* **What the task requires**:
Each record that follows goes into your reply unchanged; the pictures do not.

BEGIN Excerpted records

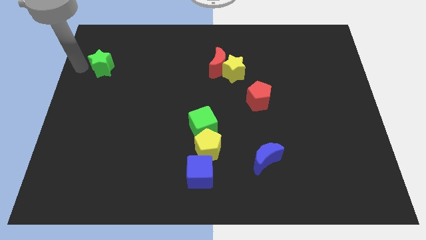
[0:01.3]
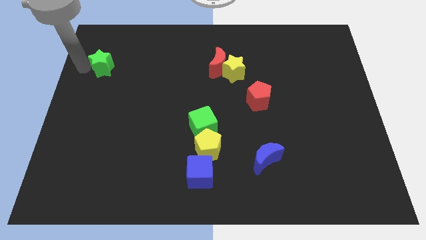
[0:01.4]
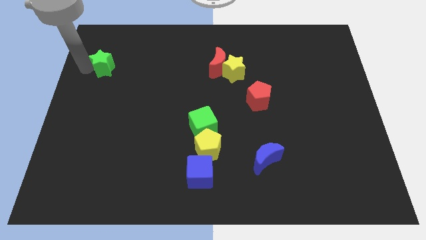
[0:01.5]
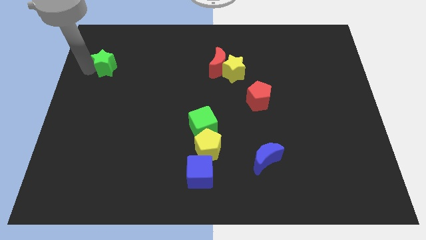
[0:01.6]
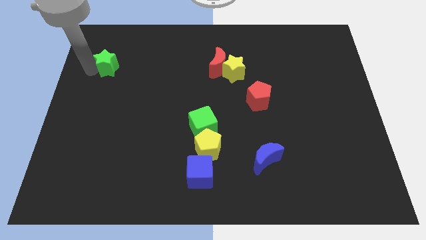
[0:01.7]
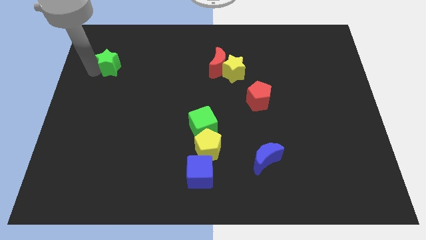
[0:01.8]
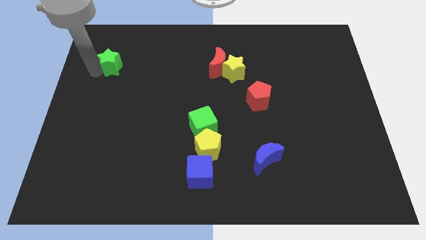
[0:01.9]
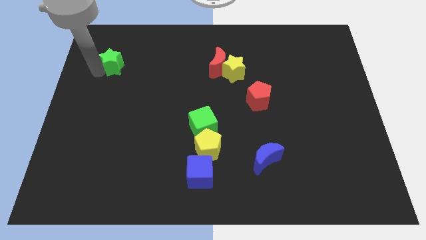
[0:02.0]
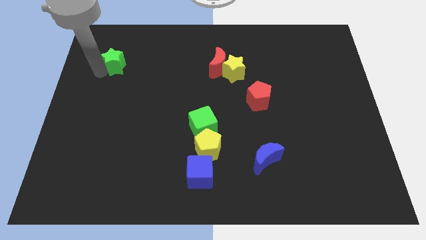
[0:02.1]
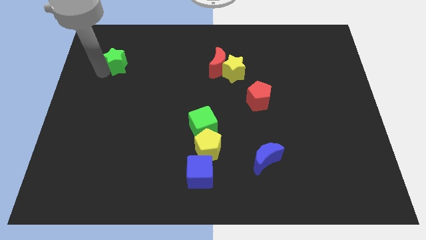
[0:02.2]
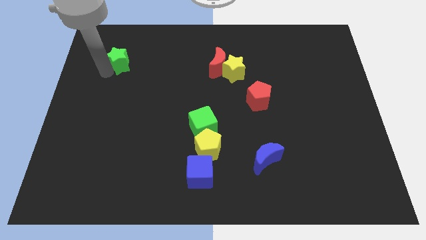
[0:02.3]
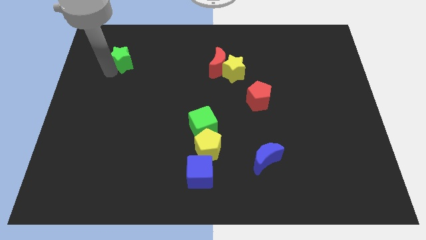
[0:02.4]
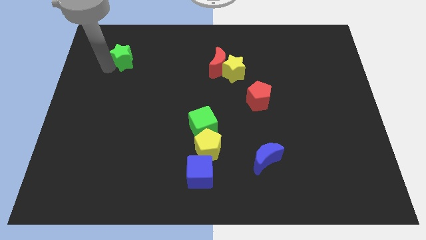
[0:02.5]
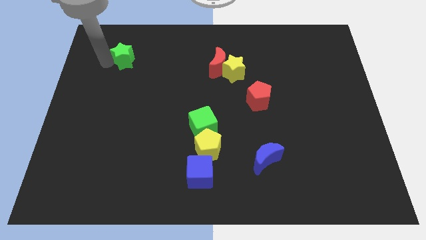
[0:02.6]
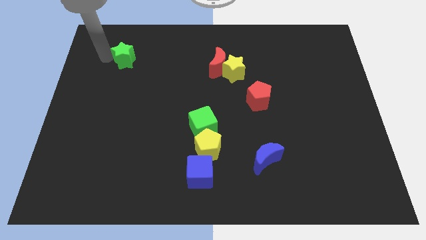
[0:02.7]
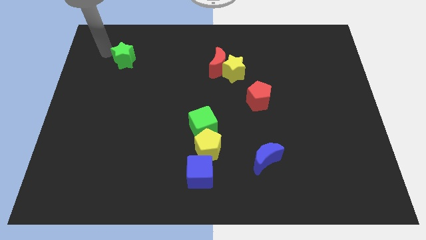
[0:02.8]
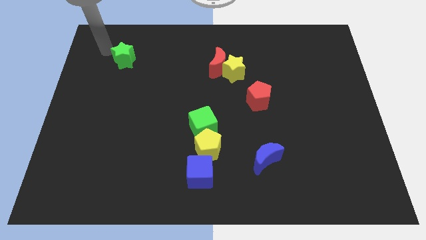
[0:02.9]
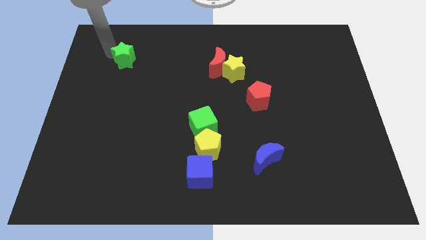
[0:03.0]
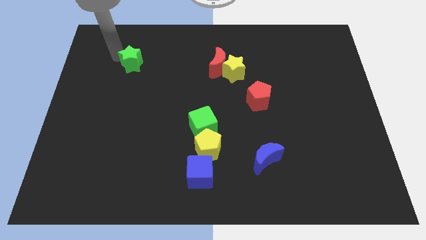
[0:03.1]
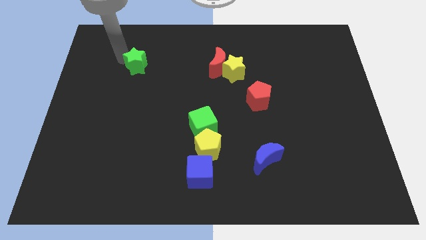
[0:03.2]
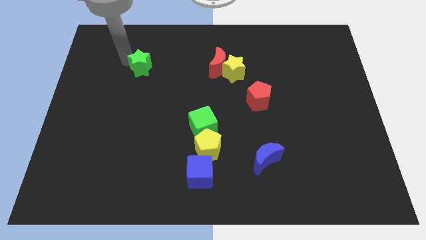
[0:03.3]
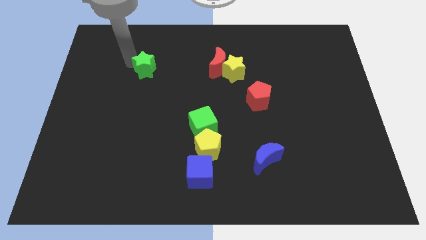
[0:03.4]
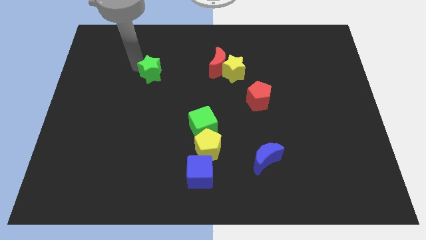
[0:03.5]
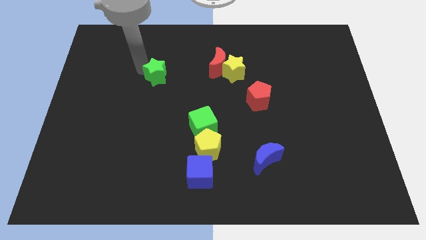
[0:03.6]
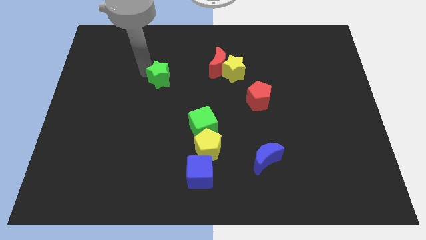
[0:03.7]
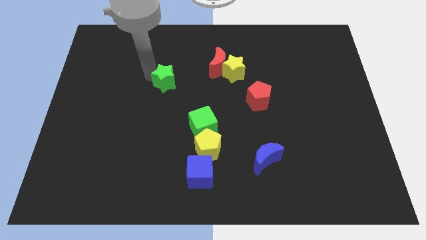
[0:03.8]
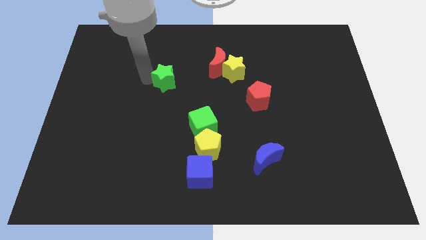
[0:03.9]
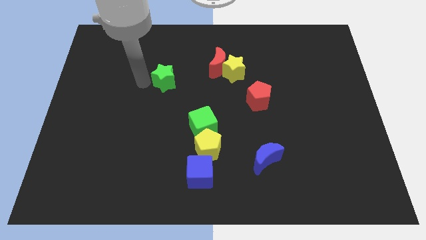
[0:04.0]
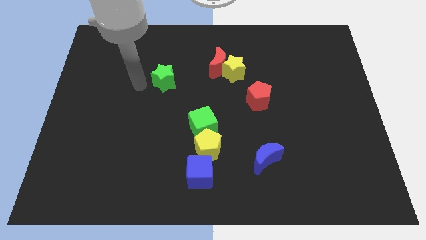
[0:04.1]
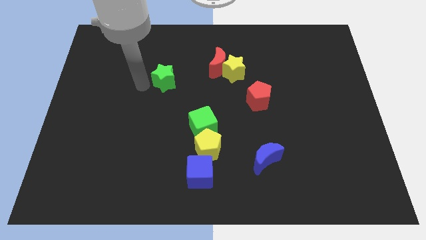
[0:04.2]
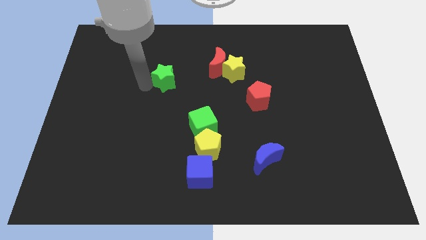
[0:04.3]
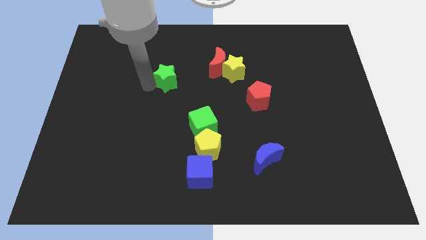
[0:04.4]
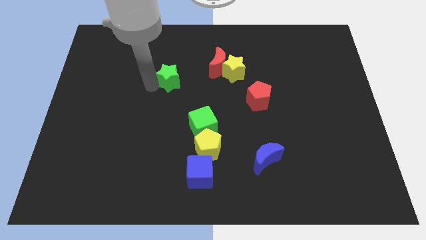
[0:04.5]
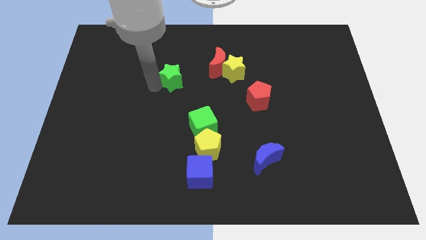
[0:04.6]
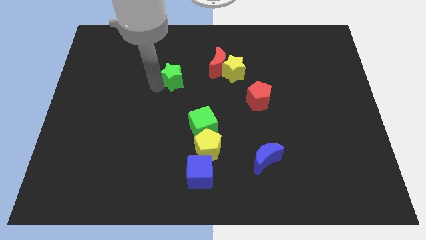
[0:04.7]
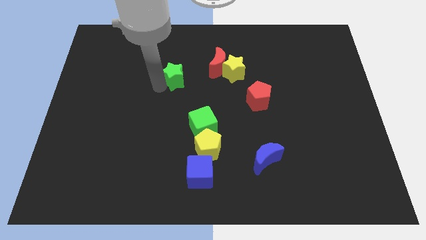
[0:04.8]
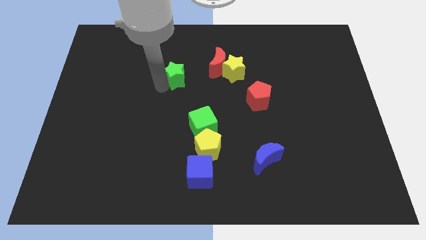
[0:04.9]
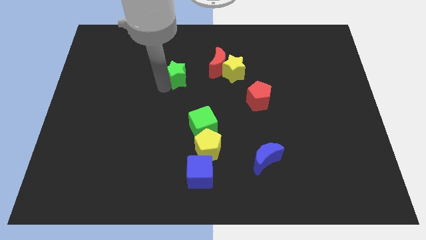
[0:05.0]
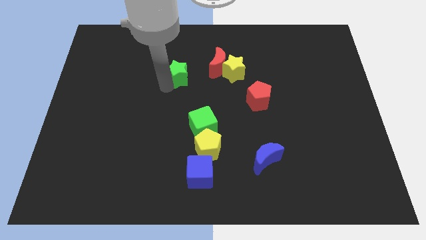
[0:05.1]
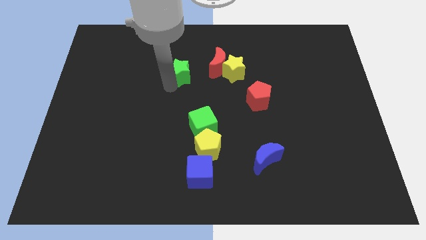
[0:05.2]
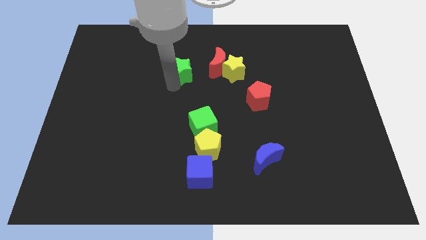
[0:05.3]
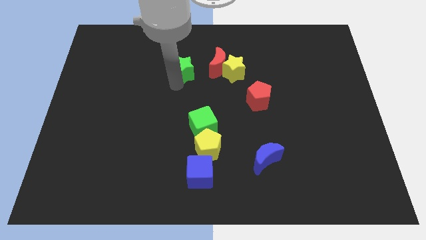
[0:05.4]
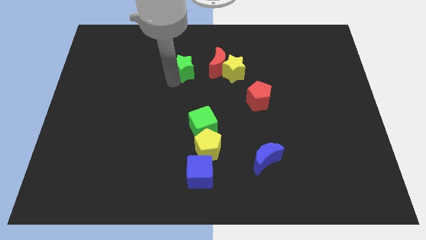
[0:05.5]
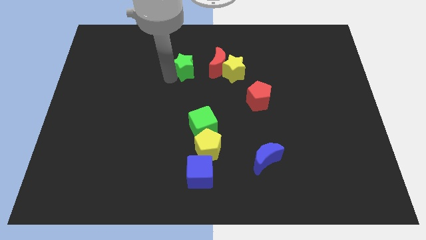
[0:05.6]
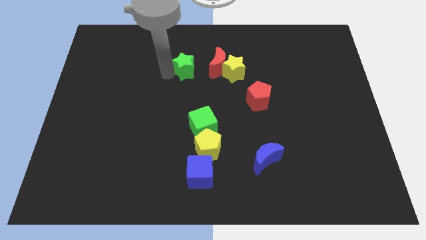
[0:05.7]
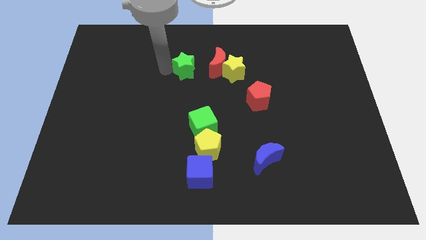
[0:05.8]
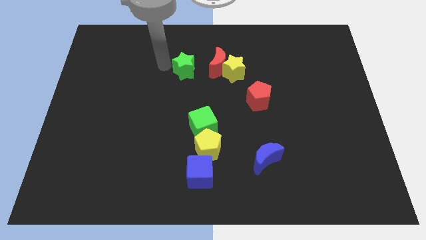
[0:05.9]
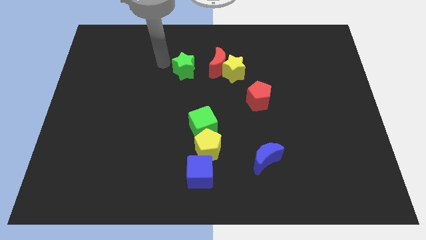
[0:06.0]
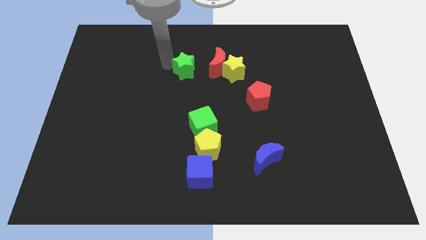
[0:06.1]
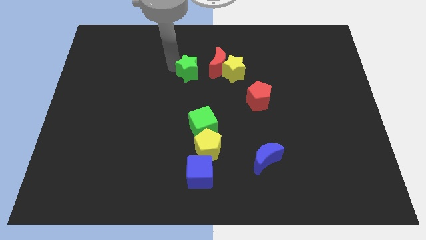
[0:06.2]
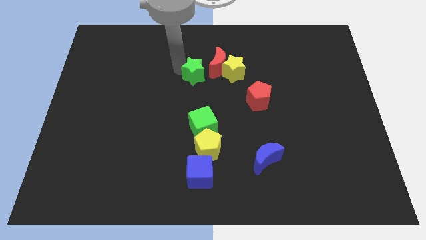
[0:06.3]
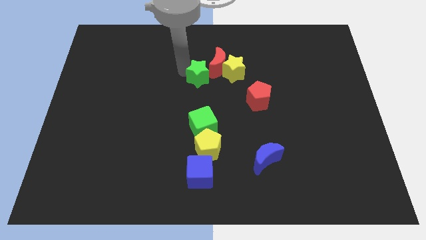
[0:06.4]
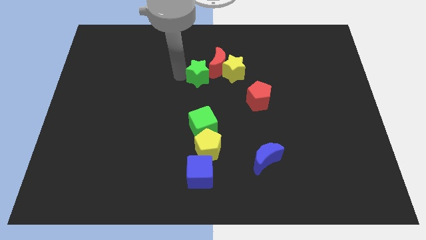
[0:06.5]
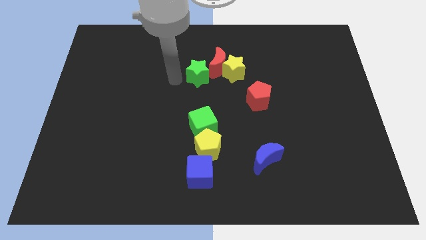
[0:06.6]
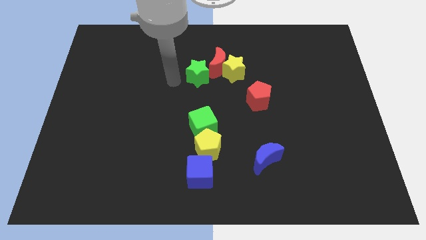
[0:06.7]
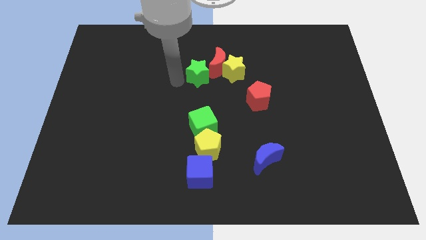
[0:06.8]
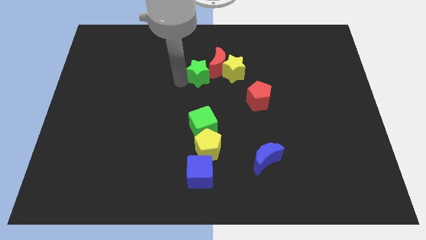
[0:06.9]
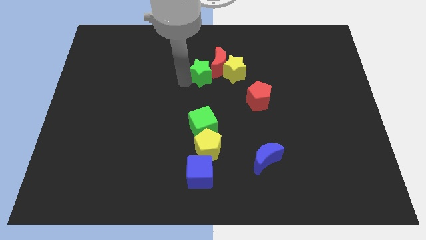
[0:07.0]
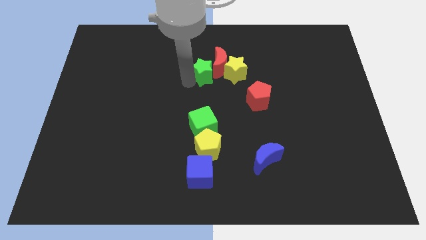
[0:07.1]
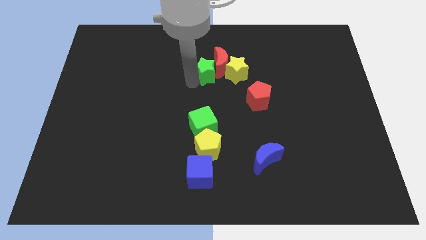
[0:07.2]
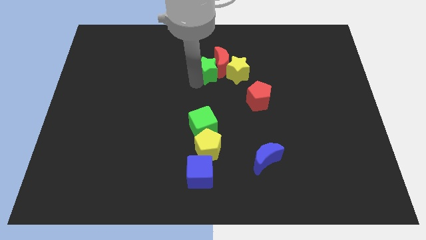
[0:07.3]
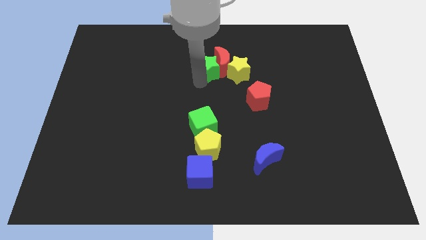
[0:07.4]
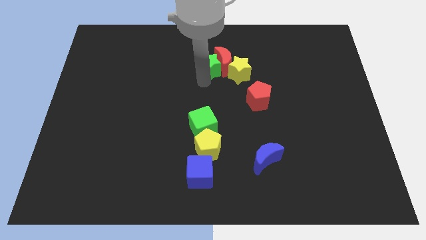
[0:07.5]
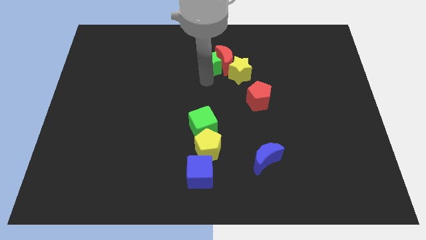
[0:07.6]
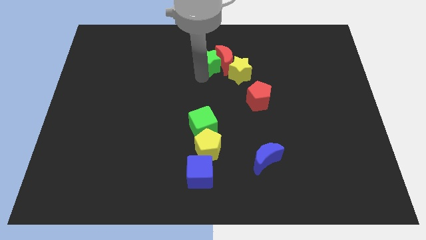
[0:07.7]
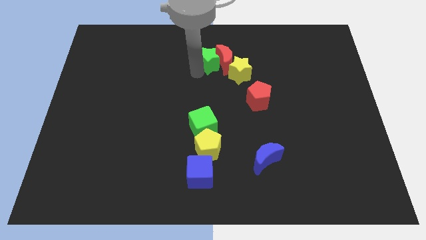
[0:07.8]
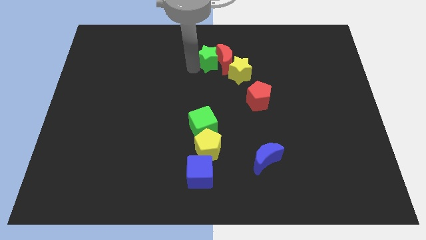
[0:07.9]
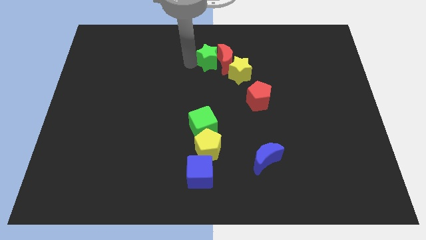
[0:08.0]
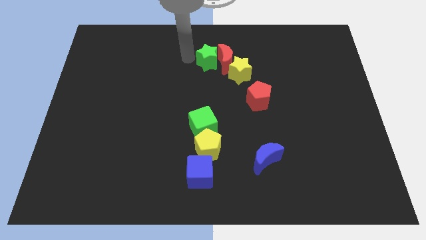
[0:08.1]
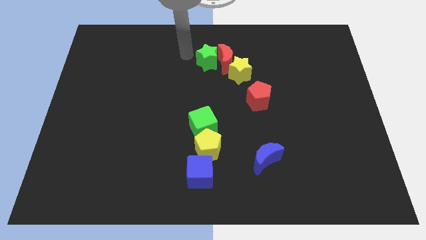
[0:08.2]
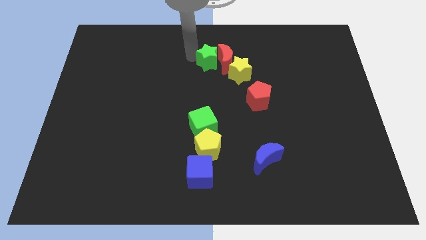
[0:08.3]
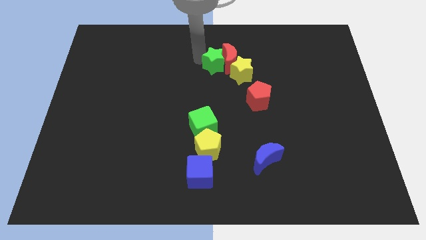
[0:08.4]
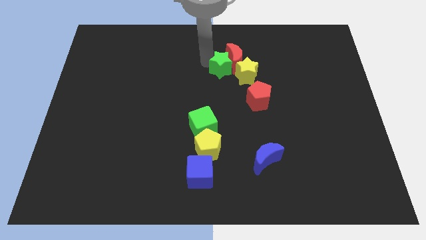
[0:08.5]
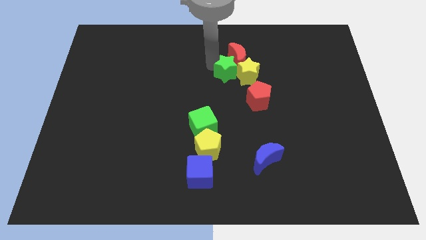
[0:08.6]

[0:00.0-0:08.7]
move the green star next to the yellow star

END Excerpted records

* **Output below**:
[0:01.3]
[0:01.4]
[0:01.5]
[0:01.6]
[0:01.7]
[0:01.8]
[0:01.9]
[0:02.0]
[0:02.1]
[0:02.2]
[0:02.3]
[0:02.4]
[0:02.5]
[0:02.6]
[0:02.7]
[0:02.8]
[0:02.9]
[0:03.0]
[0:03.1]
[0:03.2]
[0:03.3]
[0:03.4]
[0:03.5]
[0:03.6]
[0:03.7]
[0:03.8]
[0:03.9]
[0:04.0]
[0:04.1]
[0:04.2]
[0:04.3]
[0:04.4]
[0:04.5]
[0:04.6]
[0:04.7]
[0:04.8]
[0:04.9]
[0:05.0]
[0:05.1]
[0:05.2]
[0:05.3]
[0:05.4]
[0:05.5]
[0:05.6]
[0:05.7]
[0:05.8]
[0:05.9]
[0:06.0]
[0:06.1]
[0:06.2]
[0:06.3]
[0:06.4]
[0:06.5]
[0:06.6]
[0:06.7]
[0:06.8]
[0:06.9]
[0:07.0]
[0:07.1]
[0:07.2]
[0:07.3]
[0:07.4]
[0:07.5]
[0:07.6]
[0:07.7]
[0:07.8]
[0:07.9]
[0:08.0]
[0:08.1]
[0:08.2]
[0:08.3]
[0:08.4]
[0:08.5]
[0:08.6]

[0:00.0-0:08.7]
move the green star next to the yellow star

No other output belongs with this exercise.